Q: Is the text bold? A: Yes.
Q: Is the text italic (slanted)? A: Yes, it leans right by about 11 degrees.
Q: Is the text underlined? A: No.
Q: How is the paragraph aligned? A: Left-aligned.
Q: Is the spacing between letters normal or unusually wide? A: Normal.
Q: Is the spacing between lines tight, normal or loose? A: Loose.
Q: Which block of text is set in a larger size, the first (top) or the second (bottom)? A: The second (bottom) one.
----------------
▶ _Requirement_
Your output should be an exact transcription of the line that holds "Q: How is the" and each line after it through the end of the listing above.

▶ _Answer for this exercise_
Q: How is the paragraph aligned? A: Left-aligned.
Q: Is the spacing between letters normal or unusually wide? A: Normal.
Q: Is the spacing between lines tight, normal or loose? A: Loose.
Q: Which block of text is set in a larger size, the first (top) or the second (bottom)? A: The second (bottom) one.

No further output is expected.